Task data START

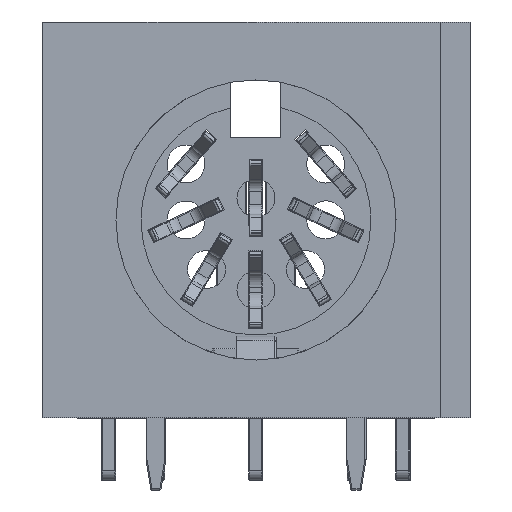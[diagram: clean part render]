
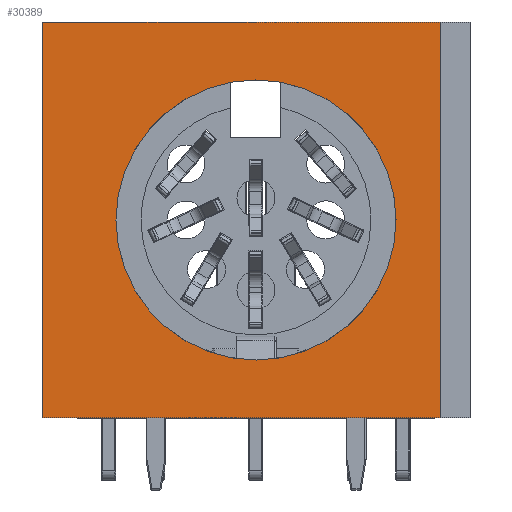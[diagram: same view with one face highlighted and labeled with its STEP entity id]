
A CAD part, front view. The second image highlights one B-rep face of the part: STEP entity #30389.
In plain terms, the highlighted planar face has unit normal (0, -1, 0).
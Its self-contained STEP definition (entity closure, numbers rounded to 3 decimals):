
#55=FACE_BOUND('',#4575,.T.);
#888=PLANE('',#33511);
#2623=FACE_OUTER_BOUND('',#4574,.T.);
#4574=EDGE_LOOP('',(#24066,#24067,#24068,#24069));
#4575=EDGE_LOOP('',(#24070));
#6478=LINE('',#49753,#8912);
#6588=LINE('',#50037,#9022);
#6596=LINE('',#50054,#9030);
#6801=LINE('',#50598,#9235);
#8912=VECTOR('',#39947,10.);
#9022=VECTOR('',#40117,10.);
#9030=VECTOR('',#40133,10.);
#9235=VECTOR('',#40550,10.);
#11515=CIRCLE('',#33442,7.);
#13356=VERTEX_POINT('',#49750);
#13357=VERTEX_POINT('',#49752);
#13483=VERTEX_POINT('',#50035);
#13488=VERTEX_POINT('',#50053);
#13554=VERTEX_POINT('',#50333);
#16875=EDGE_CURVE('',#13356,#13357,#6478,.T.);
#17009=EDGE_CURVE('',#13356,#13483,#6588,.T.);
#17017=EDGE_CURVE('',#13357,#13488,#6596,.T.);
#17118=EDGE_CURVE('',#13554,#13554,#11515,.T.);
#17244=EDGE_CURVE('',#13488,#13483,#6801,.T.);
#24066=ORIENTED_EDGE('',*,*,#17009,.T.);
#24067=ORIENTED_EDGE('',*,*,#17244,.F.);
#24068=ORIENTED_EDGE('',*,*,#17017,.F.);
#24069=ORIENTED_EDGE('',*,*,#16875,.F.);
#24070=ORIENTED_EDGE('',*,*,#17118,.T.);
#30389=ADVANCED_FACE('',(#2623,#55),#888,.F.);
#33442=AXIS2_PLACEMENT_3D('',#50334,#40292,#40293);
#33511=AXIS2_PLACEMENT_3D('',#50597,#40548,#40549);
#39947=DIRECTION('',(-1.,0.,0.));
#40117=DIRECTION('',(0.,0.,1.));
#40133=DIRECTION('',(0.,0.,1.));
#40292=DIRECTION('center_axis',(0.,1.,0.));
#40293=DIRECTION('ref_axis',(1.,0.,0.));
#40548=DIRECTION('center_axis',(0.,1.,0.));
#40549=DIRECTION('ref_axis',(1.,0.,0.));
#40550=DIRECTION('',(1.,0.,0.));
#49750=CARTESIAN_POINT('',(9.2,0.,0.));
#49752=CARTESIAN_POINT('',(-10.7,0.,0.));
#49753=CARTESIAN_POINT('',(10.7,0.,0.));
#50035=CARTESIAN_POINT('',(9.2,0.,19.8));
#50037=CARTESIAN_POINT('',(9.2,0.,14.85));
#50053=CARTESIAN_POINT('',(-10.7,0.,19.8));
#50054=CARTESIAN_POINT('',(-10.7,0.,0.));
#50333=CARTESIAN_POINT('',(-7.,0.,9.9));
#50334=CARTESIAN_POINT('Origin',(0.,0.,9.9));
#50597=CARTESIAN_POINT('Origin',(0.,0.,9.9));
#50598=CARTESIAN_POINT('',(-10.7,0.,19.8));
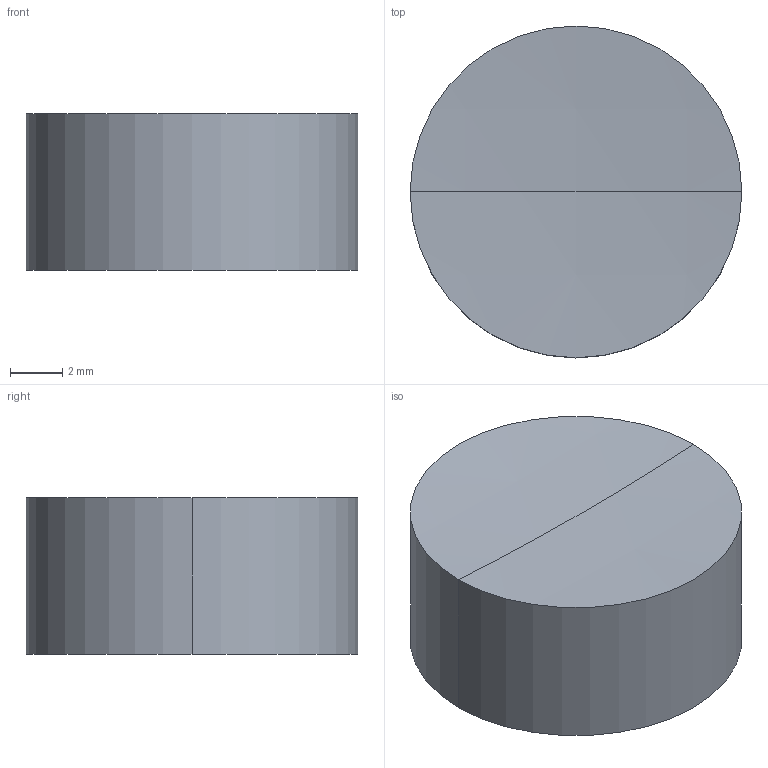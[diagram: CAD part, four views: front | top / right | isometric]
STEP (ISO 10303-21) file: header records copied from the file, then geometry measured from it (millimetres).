
FILE_DESCRIPTION (( 'STEP AP203' ), '1' );
FILE_NAME ('010-0105T6_N-BK7_PCV_window.STEP', '2021-02-25T08:44:14', ( '' ), ( '' ), 'SwSTEP 2.0', 'SolidWorks 2019', '' );
FILE_SCHEMA (( 'CONFIG_CONTROL_DESIGN' ));
Length unit declared in the file: millimetre
Products named in the file (1): 010-0105T6_N-BK7_PCV_window
Bounding box: 12.7 x 12.7 x 6 mm (x, y, z)
Volume: 747.3 mm3; surface area: 492.9 mm2
Topology: 1 solids, 1 shells, 5 faces, 8 edges, 5 vertices
Faces by surface type: sphere 2, cylinder 2, plane 1
Entity records: 197 total; most frequent: DIRECTION 26, CARTESIAN_POINT 19, ORIENTED_EDGE 16, AXIS2_PLACEMENT_3D 12, EDGE_CURVE 8, PERSON_AND_ORGANIZATION 8, CIRCLE 6, FACE_OUTER_BOUND 5

Task data END

▸ **Task description**: Could you retype exactly the lines above, starting at the line that contains "#9030=VECTOR('',#40133,10.);" and ending at the line that contains "#49753=CARTESIAN_POINT('',(10.7,0.,0.));", and nothing more?

▸ **Answer for this exercise**:
#9030=VECTOR('',#40133,10.);
#9235=VECTOR('',#40550,10.);
#11515=CIRCLE('',#33442,7.);
#13356=VERTEX_POINT('',#49750);
#13357=VERTEX_POINT('',#49752);
#13483=VERTEX_POINT('',#50035);
#13488=VERTEX_POINT('',#50053);
#13554=VERTEX_POINT('',#50333);
#16875=EDGE_CURVE('',#13356,#13357,#6478,.T.);
#17009=EDGE_CURVE('',#13356,#13483,#6588,.T.);
#17017=EDGE_CURVE('',#13357,#13488,#6596,.T.);
#17118=EDGE_CURVE('',#13554,#13554,#11515,.T.);
#17244=EDGE_CURVE('',#13488,#13483,#6801,.T.);
#24066=ORIENTED_EDGE('',*,*,#17009,.T.);
#24067=ORIENTED_EDGE('',*,*,#17244,.F.);
#24068=ORIENTED_EDGE('',*,*,#17017,.F.);
#24069=ORIENTED_EDGE('',*,*,#16875,.F.);
#24070=ORIENTED_EDGE('',*,*,#17118,.T.);
#30389=ADVANCED_FACE('',(#2623,#55),#888,.F.);
#33442=AXIS2_PLACEMENT_3D('',#50334,#40292,#40293);
#33511=AXIS2_PLACEMENT_3D('',#50597,#40548,#40549);
#39947=DIRECTION('',(-1.,0.,0.));
#40117=DIRECTION('',(0.,0.,1.));
#40133=DIRECTION('',(0.,0.,1.));
#40292=DIRECTION('center_axis',(0.,1.,0.));
#40293=DIRECTION('ref_axis',(1.,0.,0.));
#40548=DIRECTION('center_axis',(0.,1.,0.));
#40549=DIRECTION('ref_axis',(1.,0.,0.));
#40550=DIRECTION('',(1.,0.,0.));
#49750=CARTESIAN_POINT('',(9.2,0.,0.));
#49752=CARTESIAN_POINT('',(-10.7,0.,0.));
#49753=CARTESIAN_POINT('',(10.7,0.,0.));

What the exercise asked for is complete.